[Exercise aim]
Retype each line of the data below exactly, beginning with the first and ending with the one that contains "Label: destroyer". Pictures do not belong in the copy.

Dataset records:
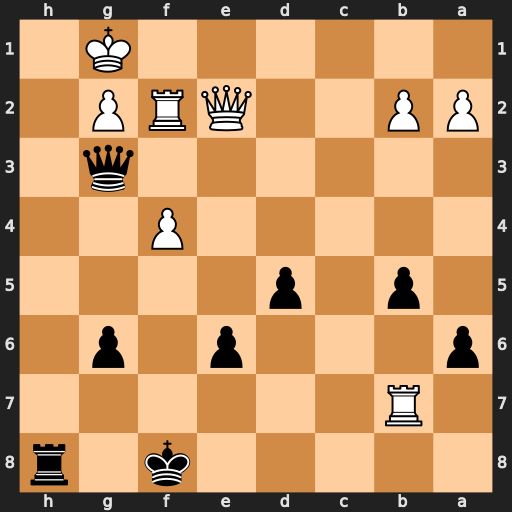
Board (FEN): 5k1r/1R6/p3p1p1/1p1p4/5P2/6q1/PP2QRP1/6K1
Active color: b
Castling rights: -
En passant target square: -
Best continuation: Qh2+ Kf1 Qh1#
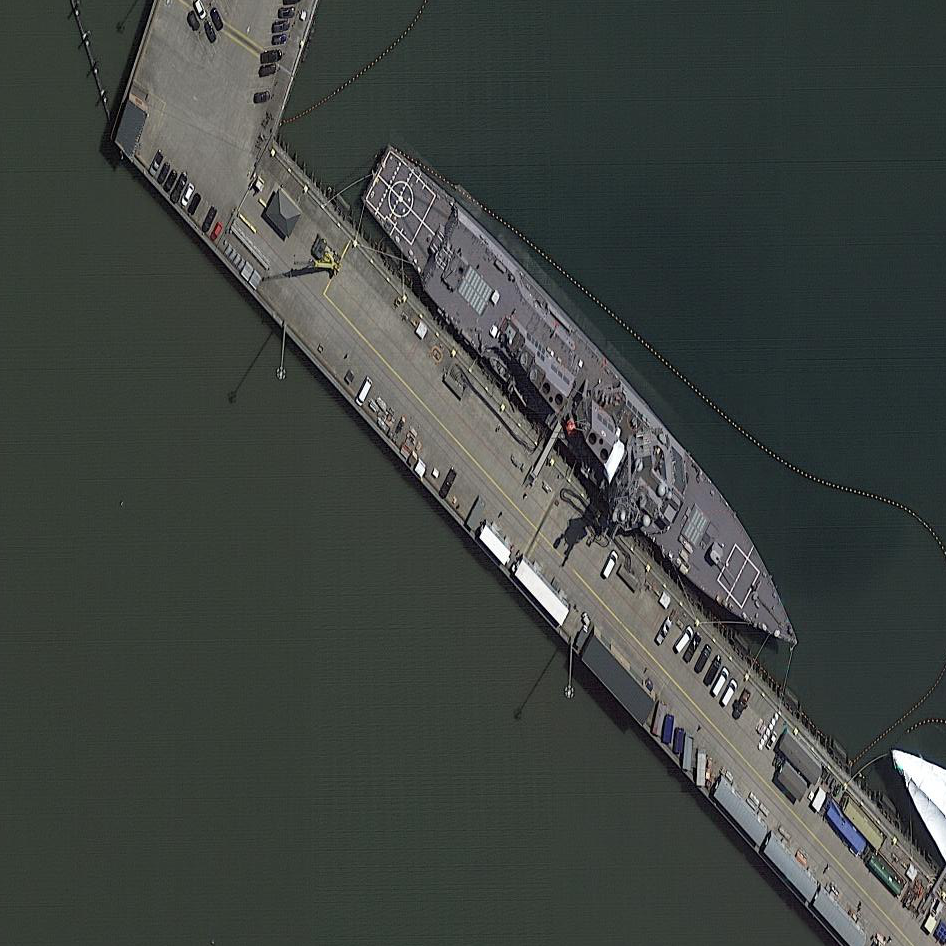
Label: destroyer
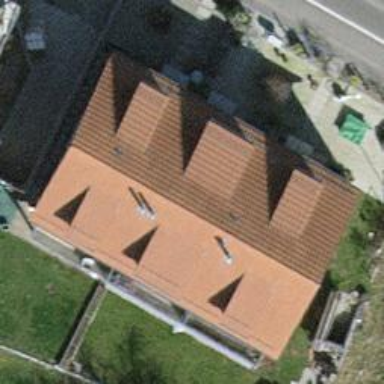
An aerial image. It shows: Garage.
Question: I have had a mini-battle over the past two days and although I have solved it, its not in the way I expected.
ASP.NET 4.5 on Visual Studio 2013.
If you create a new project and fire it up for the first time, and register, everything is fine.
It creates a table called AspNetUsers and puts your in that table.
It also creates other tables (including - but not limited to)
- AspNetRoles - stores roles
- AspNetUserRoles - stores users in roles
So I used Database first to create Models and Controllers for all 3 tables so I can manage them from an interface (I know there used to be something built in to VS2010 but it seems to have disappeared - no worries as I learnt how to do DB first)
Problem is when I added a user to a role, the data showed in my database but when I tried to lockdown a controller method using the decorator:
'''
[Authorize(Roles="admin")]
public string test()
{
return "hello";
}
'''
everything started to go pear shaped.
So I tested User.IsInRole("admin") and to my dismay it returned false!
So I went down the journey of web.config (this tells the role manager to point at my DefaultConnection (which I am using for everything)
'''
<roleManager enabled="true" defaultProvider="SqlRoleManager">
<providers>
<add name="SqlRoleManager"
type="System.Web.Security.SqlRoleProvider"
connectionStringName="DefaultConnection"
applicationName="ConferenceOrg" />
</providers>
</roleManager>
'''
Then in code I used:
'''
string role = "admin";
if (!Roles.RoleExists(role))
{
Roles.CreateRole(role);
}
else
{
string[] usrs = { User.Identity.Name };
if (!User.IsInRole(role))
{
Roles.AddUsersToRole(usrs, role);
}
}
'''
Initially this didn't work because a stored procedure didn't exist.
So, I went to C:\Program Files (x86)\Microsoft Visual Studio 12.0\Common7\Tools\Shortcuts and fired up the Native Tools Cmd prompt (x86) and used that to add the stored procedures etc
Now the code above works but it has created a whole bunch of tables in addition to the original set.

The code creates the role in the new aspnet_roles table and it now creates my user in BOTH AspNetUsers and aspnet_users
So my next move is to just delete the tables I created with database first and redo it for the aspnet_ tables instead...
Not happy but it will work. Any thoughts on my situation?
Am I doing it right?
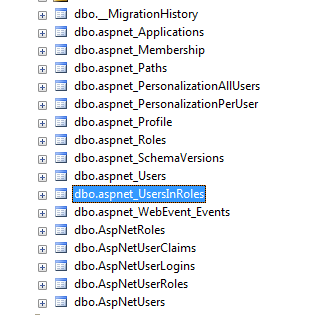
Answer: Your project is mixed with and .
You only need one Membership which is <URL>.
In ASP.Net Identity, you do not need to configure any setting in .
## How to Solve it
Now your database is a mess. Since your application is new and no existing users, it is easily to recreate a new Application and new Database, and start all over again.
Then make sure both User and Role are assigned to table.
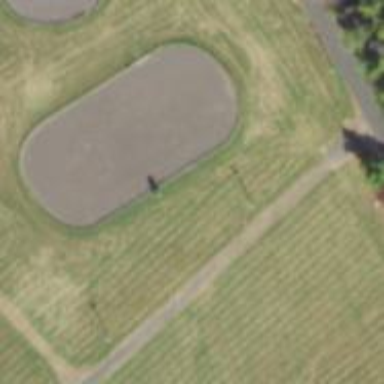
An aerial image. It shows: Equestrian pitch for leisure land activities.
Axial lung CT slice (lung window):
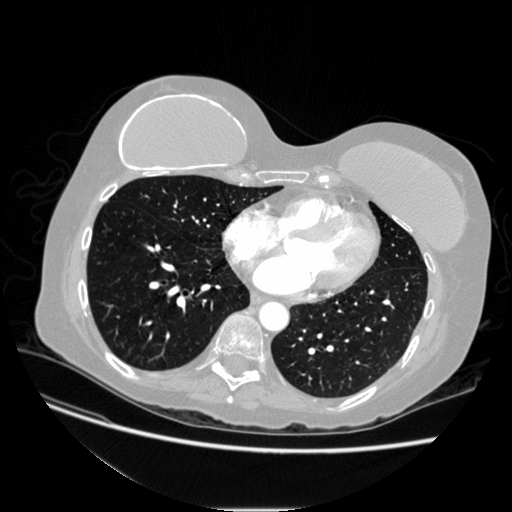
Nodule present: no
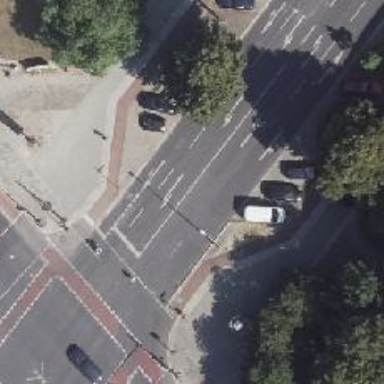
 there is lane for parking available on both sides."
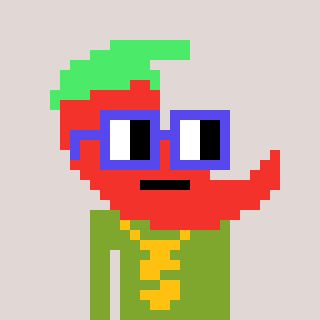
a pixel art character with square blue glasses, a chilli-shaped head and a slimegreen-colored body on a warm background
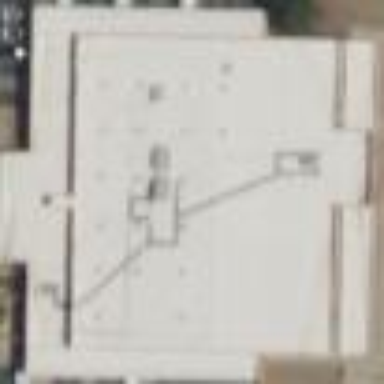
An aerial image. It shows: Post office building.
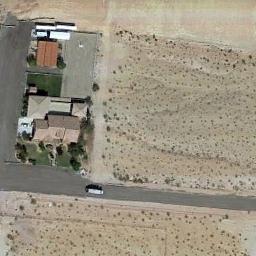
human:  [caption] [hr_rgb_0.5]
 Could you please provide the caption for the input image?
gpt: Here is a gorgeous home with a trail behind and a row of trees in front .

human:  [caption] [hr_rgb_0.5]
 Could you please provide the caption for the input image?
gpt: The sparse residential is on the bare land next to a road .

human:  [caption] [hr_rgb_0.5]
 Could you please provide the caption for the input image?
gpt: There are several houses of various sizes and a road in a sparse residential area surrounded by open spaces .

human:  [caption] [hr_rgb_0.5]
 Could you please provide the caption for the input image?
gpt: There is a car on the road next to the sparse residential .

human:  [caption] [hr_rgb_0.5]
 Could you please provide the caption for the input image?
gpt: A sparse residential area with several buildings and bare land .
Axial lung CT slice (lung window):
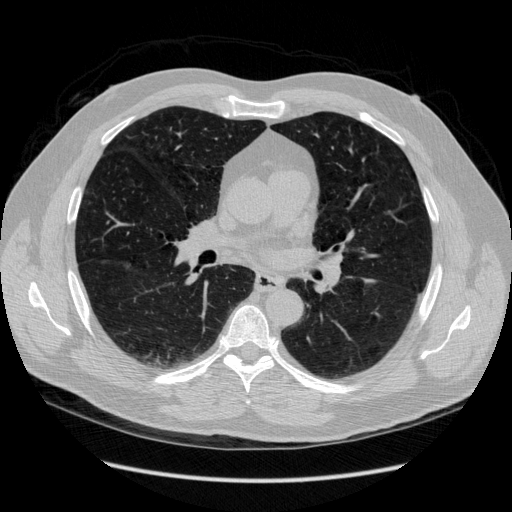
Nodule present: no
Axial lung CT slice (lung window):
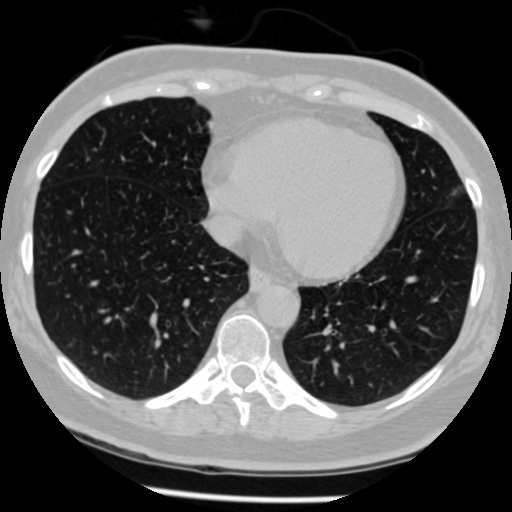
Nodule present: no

[Response to the exercise]
Board (FEN): 5k1r/1R6/p3p1p1/1p1p4/5P2/6q1/PP2QRP1/6K1
Active color: b
Castling rights: -
En passant target square: -
Best continuation: Qh2+ Kf1 Qh1#
Label: destroyer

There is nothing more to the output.